Taking the line with "[234200 ms]" as the first, copy every line through the end of the records below exactly. Do not include pictures.

Dataset entries
......

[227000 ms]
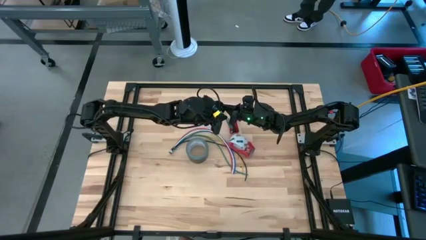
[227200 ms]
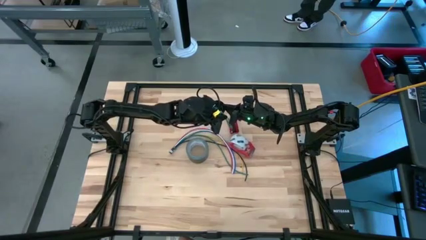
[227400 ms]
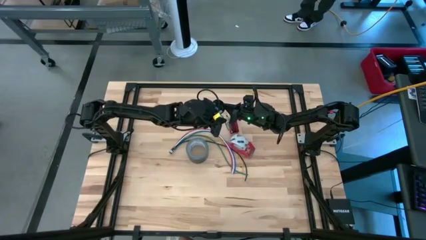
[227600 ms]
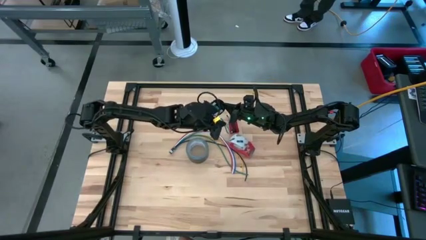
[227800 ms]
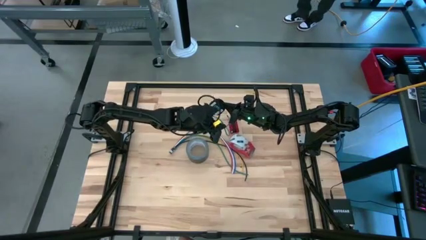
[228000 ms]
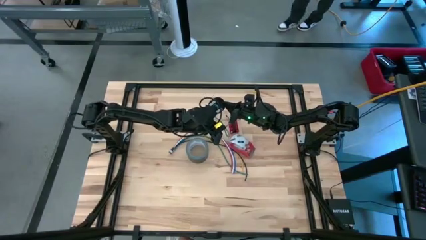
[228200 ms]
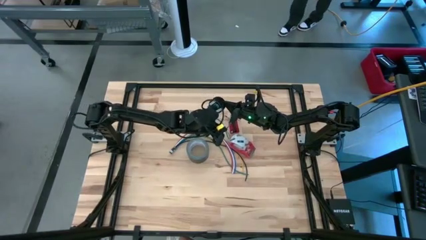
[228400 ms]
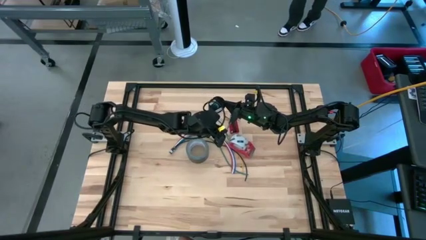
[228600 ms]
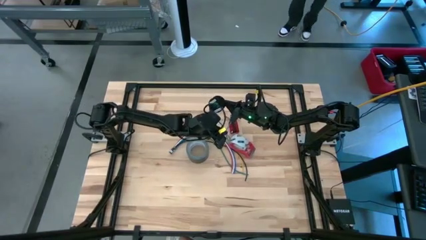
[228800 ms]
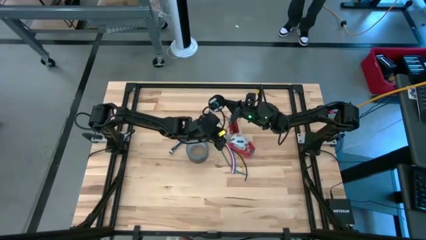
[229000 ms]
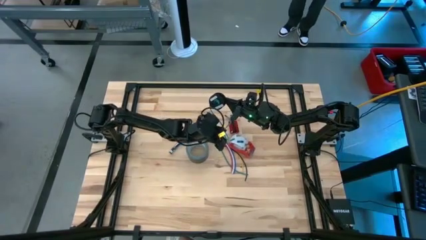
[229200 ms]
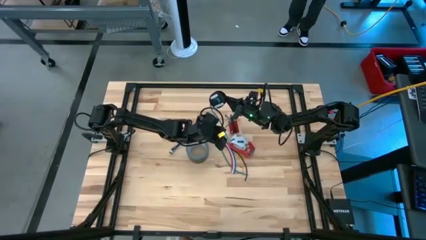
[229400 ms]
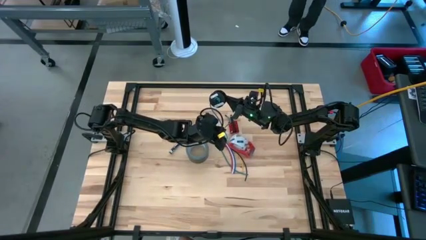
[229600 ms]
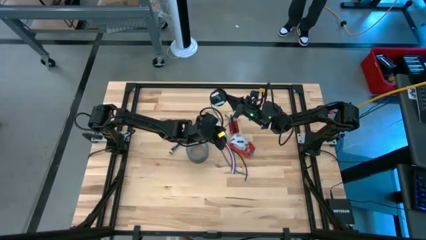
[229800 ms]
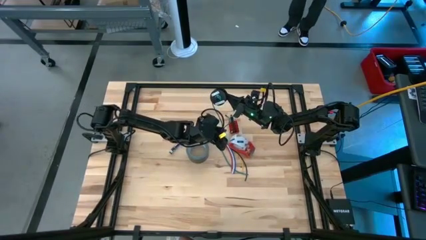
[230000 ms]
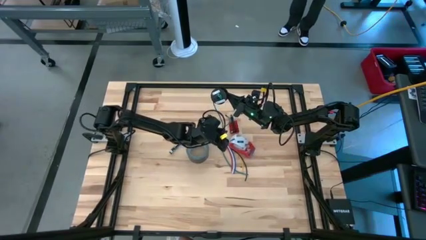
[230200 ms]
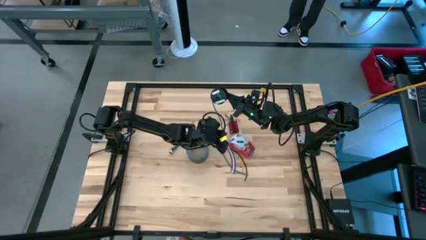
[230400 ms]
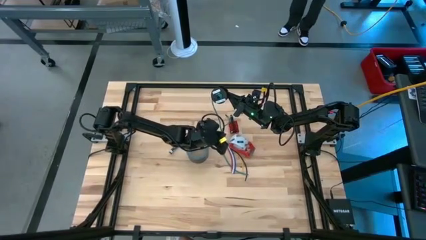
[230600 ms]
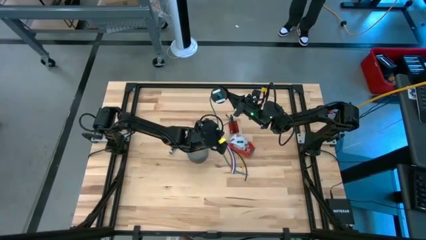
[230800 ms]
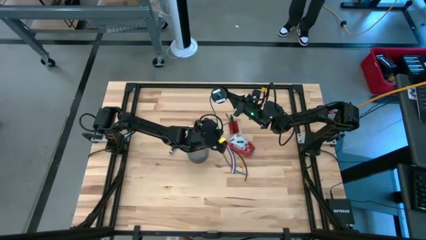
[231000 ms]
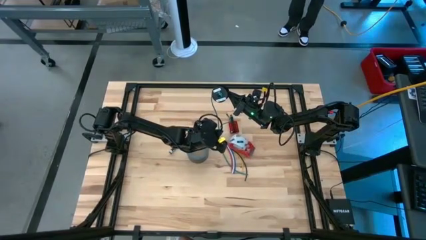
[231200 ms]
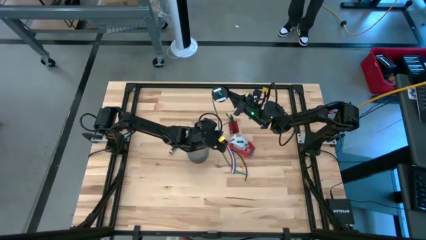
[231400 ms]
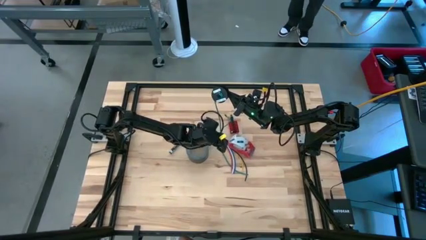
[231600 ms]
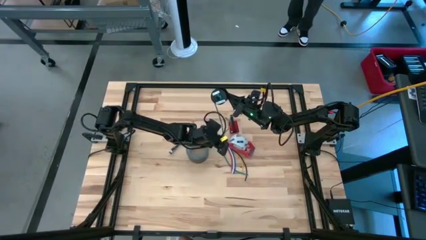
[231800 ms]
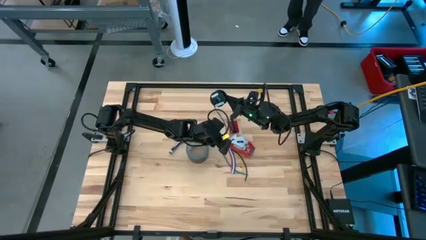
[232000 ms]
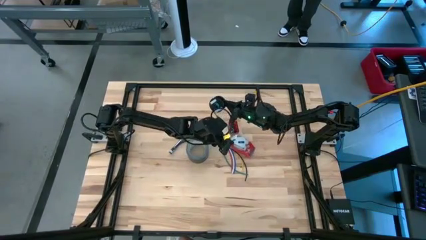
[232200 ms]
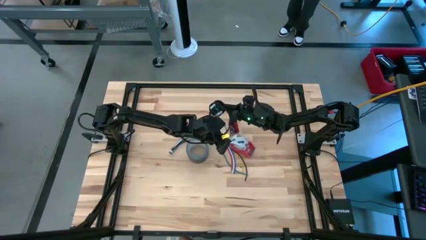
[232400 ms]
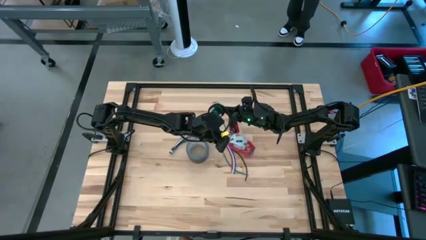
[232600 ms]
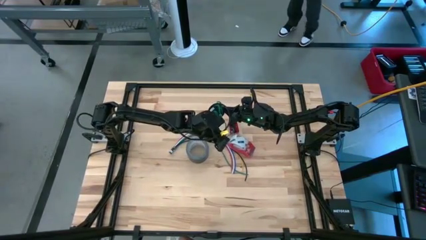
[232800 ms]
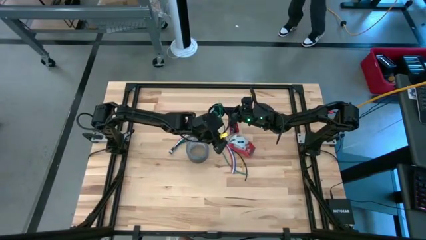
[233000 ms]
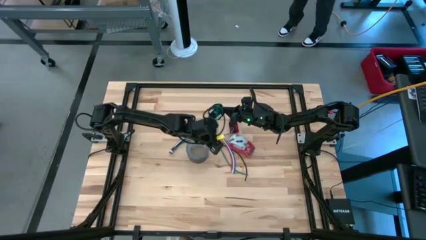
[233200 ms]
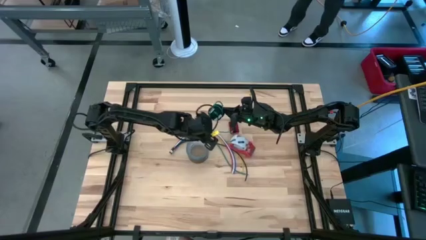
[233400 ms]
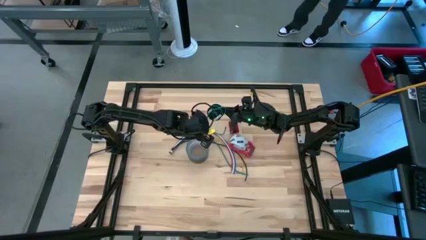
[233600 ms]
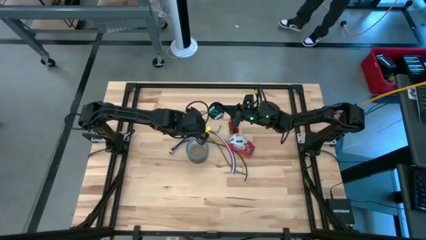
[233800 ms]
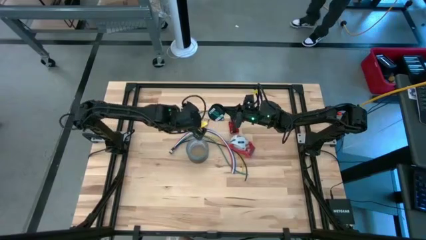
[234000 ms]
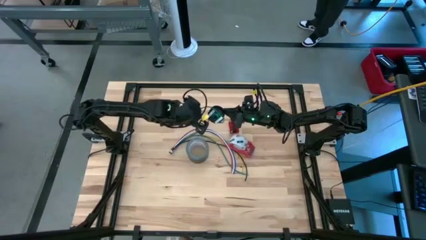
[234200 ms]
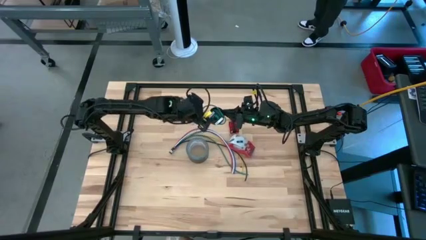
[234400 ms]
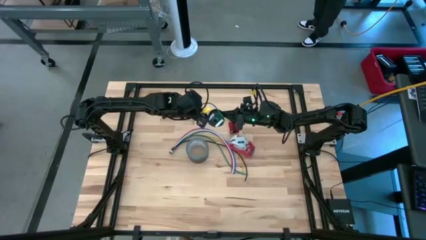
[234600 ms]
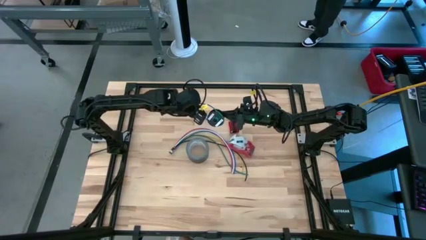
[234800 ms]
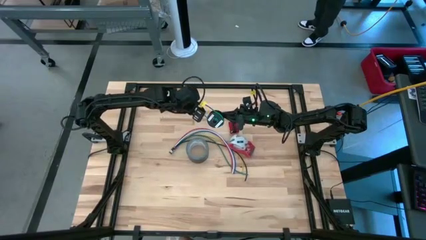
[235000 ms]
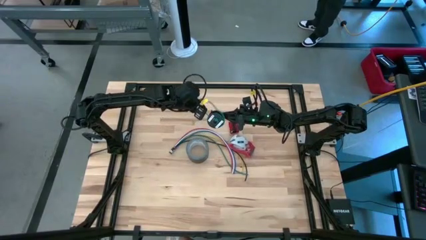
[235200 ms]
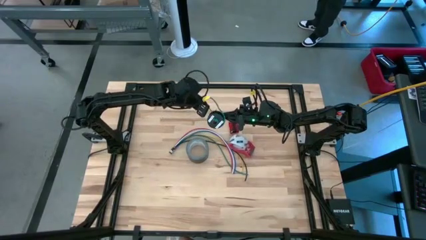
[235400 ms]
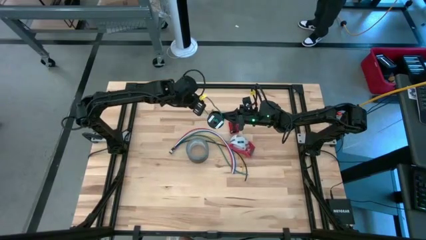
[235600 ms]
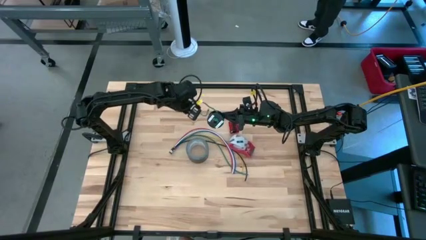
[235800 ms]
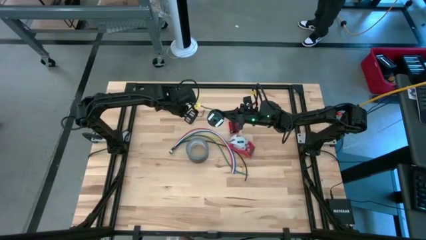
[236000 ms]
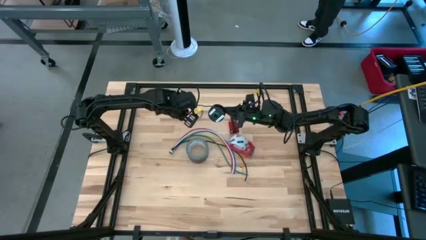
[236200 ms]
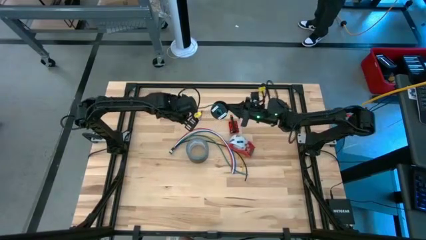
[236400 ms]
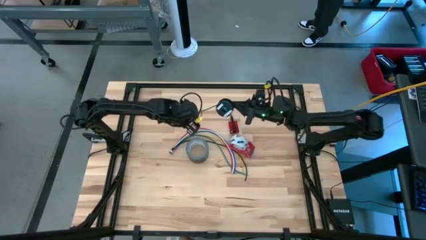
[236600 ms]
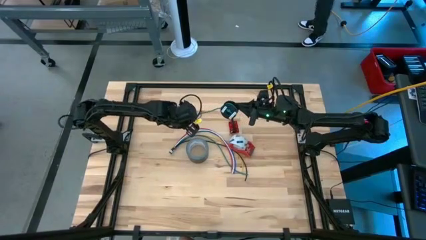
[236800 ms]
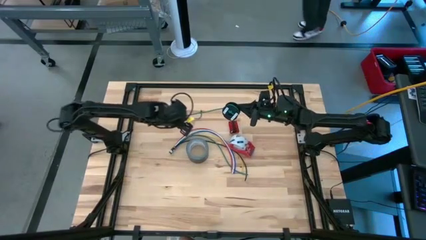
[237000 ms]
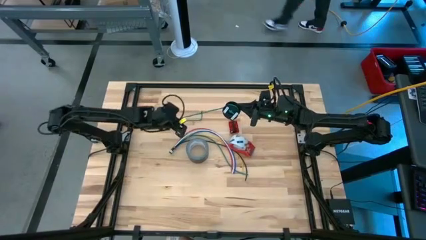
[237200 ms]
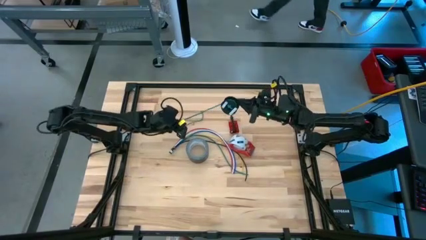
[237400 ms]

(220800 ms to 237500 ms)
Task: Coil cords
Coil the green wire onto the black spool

......

**Answer space:**
[234200 ms]
[234400 ms]
[234600 ms]
[234800 ms]
[235000 ms]
[235200 ms]
[235400 ms]
[235600 ms]
[235800 ms]
[236000 ms]
[236200 ms]
[236400 ms]
[236600 ms]
[236800 ms]
[237000 ms]
[237200 ms]
[237400 ms]

(220800 ms to 237500 ms)
Task: Coil cords
Coil the green wire onto the black spool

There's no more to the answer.